AVAILABLE RECORDS: Begin
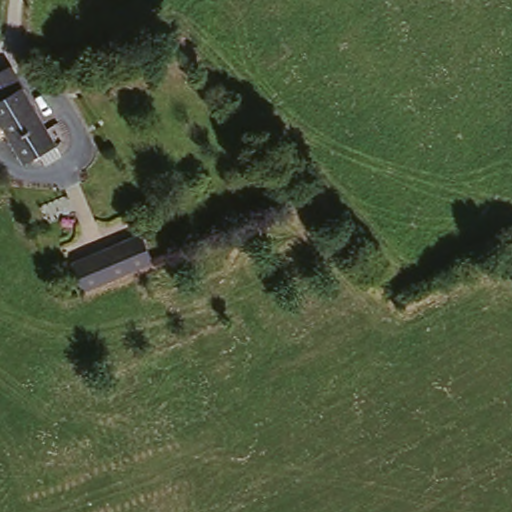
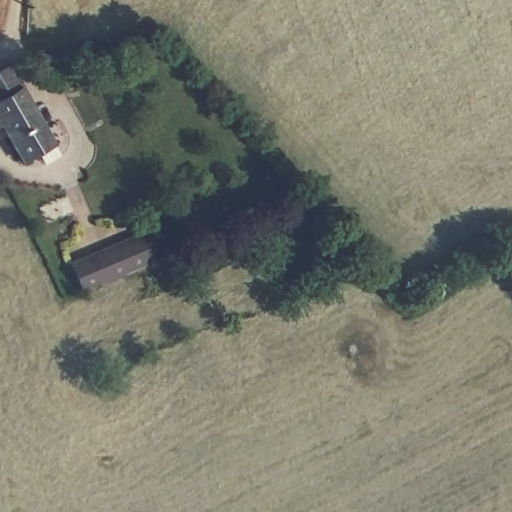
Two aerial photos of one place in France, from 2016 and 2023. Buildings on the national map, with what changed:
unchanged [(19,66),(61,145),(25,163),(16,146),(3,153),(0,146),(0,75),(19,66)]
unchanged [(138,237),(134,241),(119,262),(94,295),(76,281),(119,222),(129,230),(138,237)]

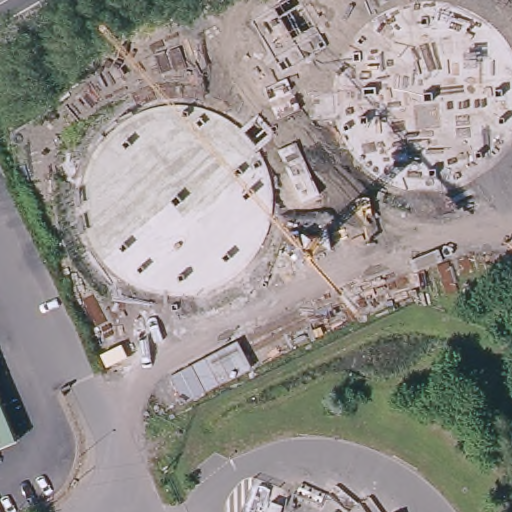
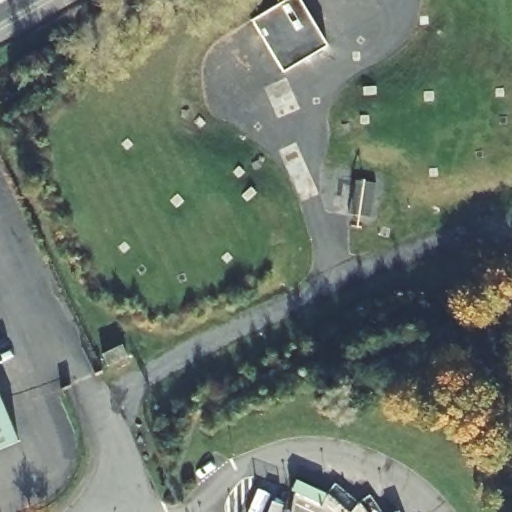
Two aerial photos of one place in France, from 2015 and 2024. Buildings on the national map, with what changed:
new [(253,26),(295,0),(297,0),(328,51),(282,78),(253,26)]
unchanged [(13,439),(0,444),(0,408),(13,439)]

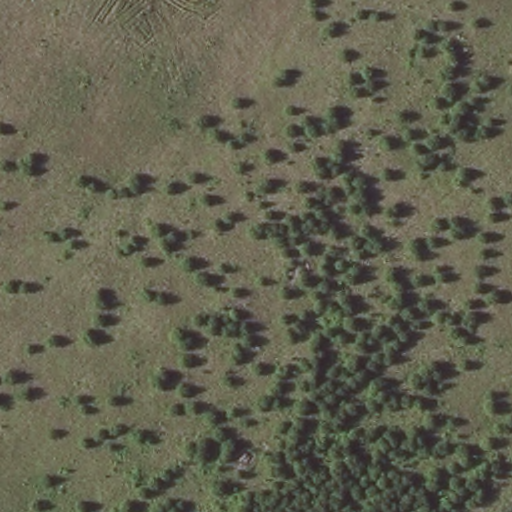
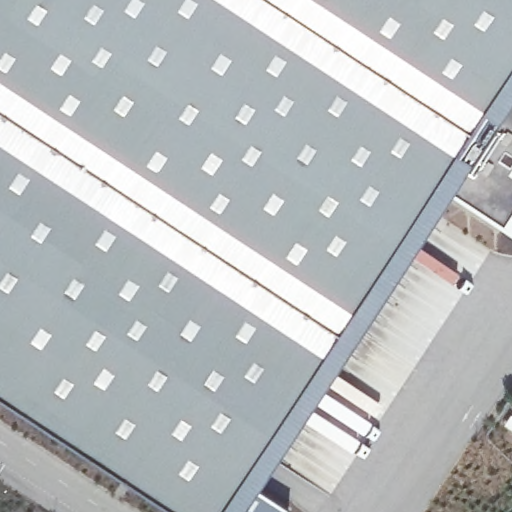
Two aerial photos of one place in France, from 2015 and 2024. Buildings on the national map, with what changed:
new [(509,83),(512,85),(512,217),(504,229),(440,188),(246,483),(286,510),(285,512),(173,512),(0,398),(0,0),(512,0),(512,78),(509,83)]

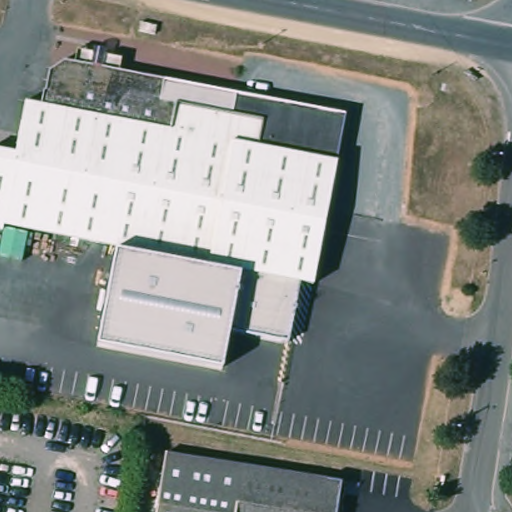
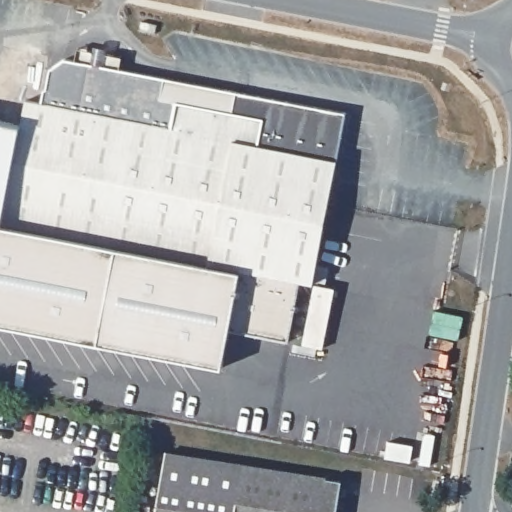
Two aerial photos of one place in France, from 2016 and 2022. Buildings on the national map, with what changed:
AVAILABLE RECORDS: End
**PROBLEM REQUIREMENTS:** Reproduce these records exactly, but not the pictures.

**ANSWER SPACE:**
Two aerial photos of one place in France, from 2016 and 2023. Buildings on the national map, with what changed:
unchanged [(19,66),(61,145),(25,163),(16,146),(3,153),(0,146),(0,75),(19,66)]
unchanged [(138,237),(134,241),(119,262),(94,295),(76,281),(119,222),(129,230),(138,237)]

Two aerial photos of one place in France, from 2015 and 2024. Buildings on the national map, with what changed:
new [(253,26),(295,0),(297,0),(328,51),(282,78),(253,26)]
unchanged [(13,439),(0,444),(0,408),(13,439)]

Two aerial photos of one place in France, from 2015 and 2024. Buildings on the national map, with what changed:
new [(509,83),(512,85),(512,217),(504,229),(440,188),(246,483),(286,510),(285,512),(173,512),(0,398),(0,0),(512,0),(512,78),(509,83)]

Two aerial photos of one place in France, from 2016 and 2022. Buildings on the national map, with what changed:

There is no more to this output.